Problem>
Copy out only the span from the line with "Q: How is the" to the end of the data, both ends kept, word for word.

Records from a collection>
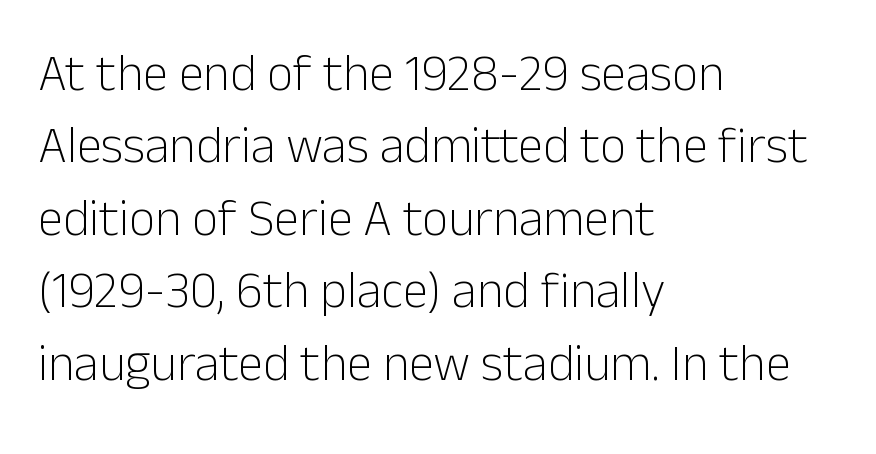
Q: Is the text bold? A: No.
Q: Is the text italic (slanted)? A: No, it is upright.
Q: Is the typeface a serif or a sans-serif typeface? A: Sans-serif.
Q: Is the text underlined? A: No.
Q: How is the paragraph aligned? A: Left-aligned.
Q: Is the spacing between letters normal or unusually wide? A: Normal.
Q: Is the spacing between lines tight, normal or loose? A: Normal.
Q: Width (condensed, normal, or wide)? A: Normal.
Q: Stroke contrast? A: Low.
Q: x-height? A: Medium.
Q: Monospaced? A: No.

Result for this exercise>
Q: How is the paragraph aligned? A: Left-aligned.
Q: Is the spacing between letters normal or unusually wide? A: Normal.
Q: Is the spacing between lines tight, normal or loose? A: Normal.
Q: Width (condensed, normal, or wide)? A: Normal.
Q: Stroke contrast? A: Low.
Q: x-height? A: Medium.
Q: Monospaced? A: No.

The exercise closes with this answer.